As multimedia art projects go, Tónandi is pretty amazing stuff—an interactive audiovisual experience that makes you feel like you’re inside Sigur Rós’s otherworldly music, communing with it in ways far beyond what could be achieved with any existing augmented reality app or VR headset. But it’s also proof of concept for a technology that has made Magic Leap one of the most well-funded startups in history. Since its founding in 2011, the company has raised over $2 billion. Google is a major investor, as is Andreessen Horowitz, the venture capital firm co-founded by the man behind early web browser Netscape, who knows a thing or two about bleeding-edge technologies. A rapturous 2016 cover story on Magic Leap in WIRED declared, “This is what disruption on a vast scale looks like.”

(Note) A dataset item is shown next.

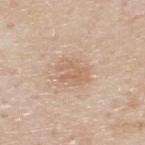Context:
Located on the back. A male subject about 80 years old. Longest diameter approximately 3.5 mm. A close-up tile cropped from a whole-body skin photograph, about 15 mm across.

Sigur Rós became early participants in mixed reality at the behest of Magic Leap’s founder, Rony Abovitz, a longtime fan of the band. Five years ago, he invited them to his company’s headquarters in Florida, where they viewed an early prototype. “The first glasses were humongous,” says Jónsi, the group’s frontman. “Like a really big machine [that] you put your head in.” Later versions were only slightly less cumbersome; one on display in Culver City looks like a deep-sea diving helmet attached to a thicket of cables.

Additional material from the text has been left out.